Even though I use CTRL+S, MS word routinely saves it itself every few minutes. Also, I remember one time my laptop losing power and just shutting down with like 7% battery left, and when I turned it back on, with power, everything was the way it was.
 
I'm rather surprised people don't CTRL+S after every sentence.

I typically make local and network backups every 30 mins or so as well.
 
No me but I've known friends who have and I've had to drive halfway across town to sort them out. Always happened when they were using MS word. How can a word processor crash?
 
I've noticed a lot of apps on the Mac these days (recently used Text Editor, Mail, Final Cut Pro) are basically always saving. You can quit Final Cut Pro and it just disappears, next time you open it it's the same as when you left it.

More apps should be like this.

It's also extremely unnerving.
 
I start a document, immediately save-as it into my Dropbox folder.

Everytime I hit save, voila, it's backed up into the infinite power of the cloud.



And if you don't Cmd(ctrl)+S every 5 minutes, you're fucking daft.
 
Save often (and turn on autosave if your program supports it)! I lost 5 minutes of work on an assignment last night and was mildly annoyed - losing a couple hours (or even more) would be devastating.
 
Microsoft Word automatically saves an open file at regular intervals to avoid this problem. Simply open the first menu option and you'll see different versions of the document, but with times next to them. Click on the latest and add anything missing.
 
Never managed to lose any digital work like that before, and I graduated before there was an abundance of cloud services to make backups even easier. I always kept multiple local copies as well as a copy on a web server as I worked.

Regular saves + email yourself the file every now and then. That's what I did back then. Also: save on work computer + save to flash drive.

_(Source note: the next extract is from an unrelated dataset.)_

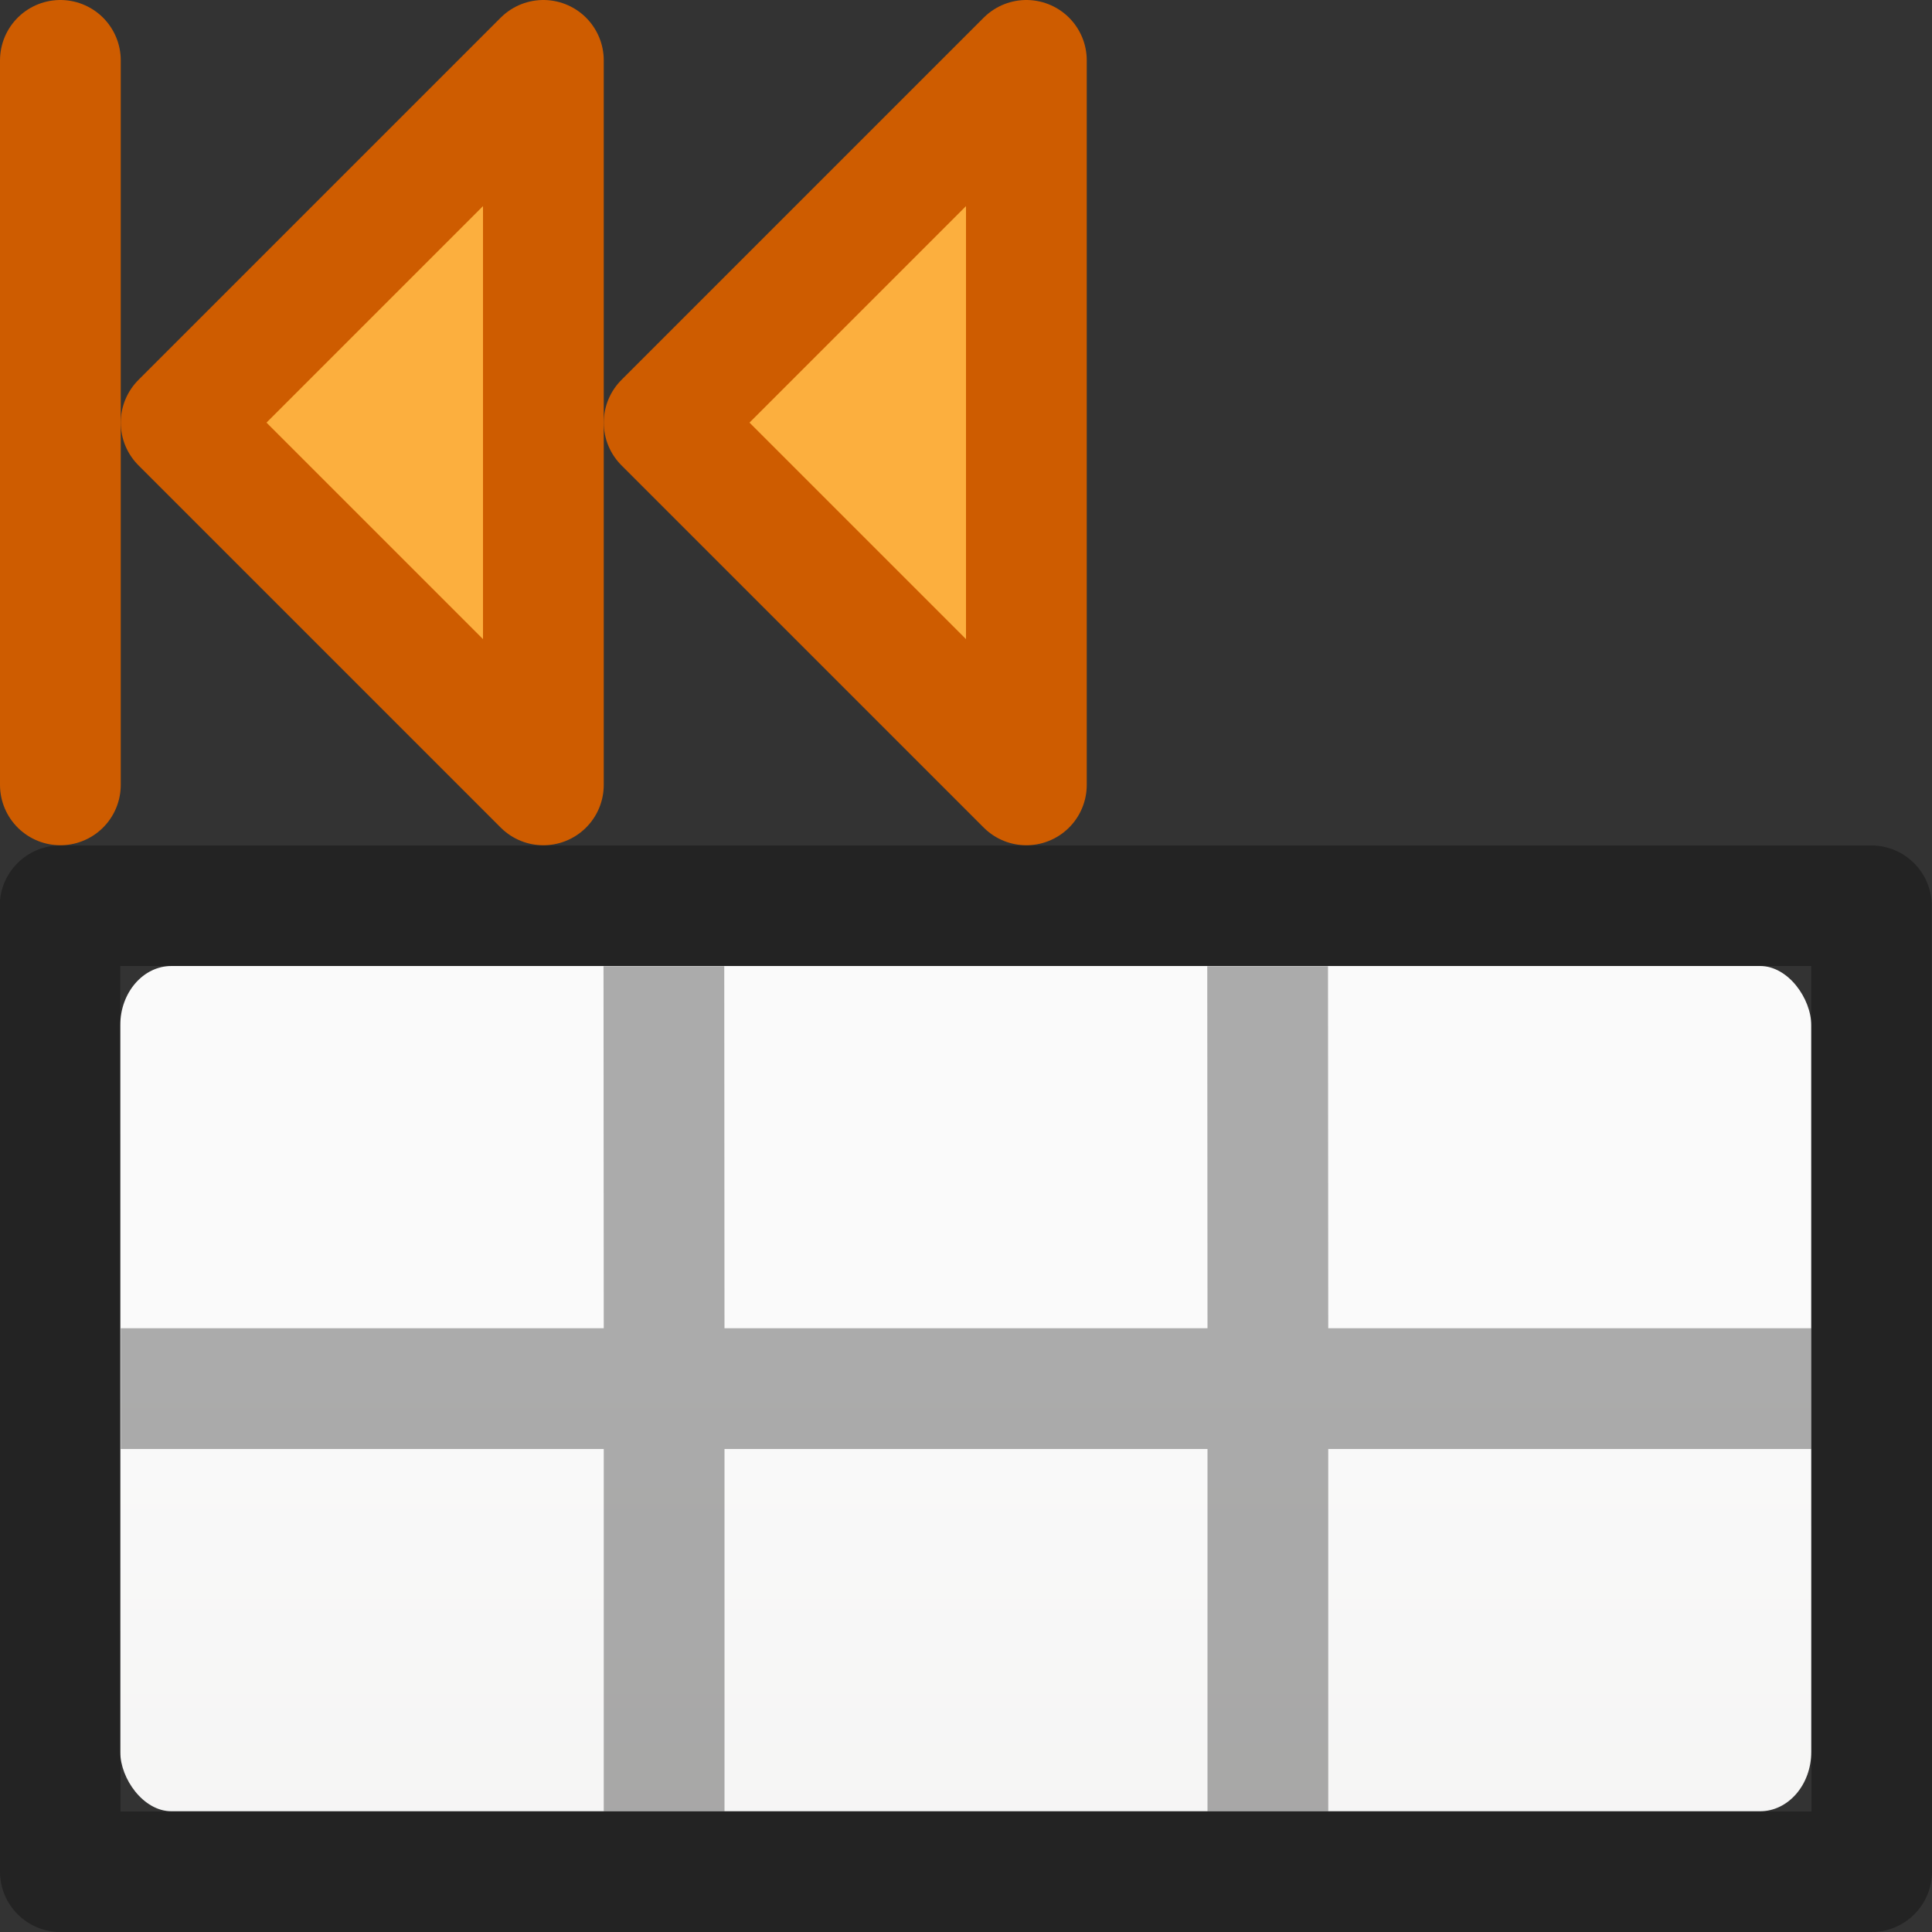 <svg viewBox="0 0 16 16" xmlns="http://www.w3.org/2000/svg" xmlns:xlink="http://www.w3.org/1999/xlink"><rect x="0" y="0" width="16" height="16" fill="#333333" stroke="none"/><linearGradient id="a" gradientTransform="matrix(.594 0 0 .6 -19.265 1.967)" gradientUnits="userSpaceOnUse" x1="25.132" x2="25.132" y1="15.5" y2="48.396"><stop offset="0" stop-color="#fafafa"/><stop offset="1" stop-color="#e2e1de"/></linearGradient><rect fill="url(#a)" height="7" rx=".424" ry=".491" stroke-width="1.333" width="14.004" x=".996" y="8"/><path d="m.498 7.002c-.276-0-.5.224-.5.5l.002 7.998c-0.0.276.224.5.5.5h15c.276 0.0.5-.224.5-.5l-.002-7.998c0-.276-.224-.5-.5-.5zm.498.998h14.004l.002 7.002h-14.004zm4.002.002.002 2.998h-4v1h4v3h1v-3h4v3h1v-3h4v-1h-4l-.002-2.998h-1l.002 2.998h-4l-.002-2.998z" fill="#030303" opacity=".32"/><g stroke="#ce5c00" stroke-linecap="round" stroke-linejoin="round"><path d="m1.5 3.5 3-3v6z" fill="#fcaf3e"/><path d="m.5.5v6" fill="none"/><path d="m5.5 3.5 3-3v6z" fill="#fcaf3e"/></g></svg>

Most written work I've lost is a couple of pages. I have lost hours of art/design work. That sucked.
 
I write all my university work in Google Docs. Although if I have to do Table Of Contents or anything I copy it into Word and do it there, the ToC in Docs is a bit lacking. I also wish it had Word's system for keeping track of references.
 
I learned this ages ago, thanks to the losses of others. In undergrad we had computer labs to work in, sometimes we would run really intensive programs. You could save to it, but I guess to prevent the computers from getting junked up and keeping those programs running smoothly, every time they restarted, basically everything except programs was wiped. They would restart once they'd been inactive for a certain period, but as long as you were using the computer, you were fine. Once or twice a year, someone would have the unhappy chance of somehow kicking or pulling the power cord out, so if they weren't saving to a USB or the cloud...poof, everything gone.

Even better, there was a second computer lab where all the computers automatically shut down and restart at 2 am, regardless of what you were doing. That one got quite a few people.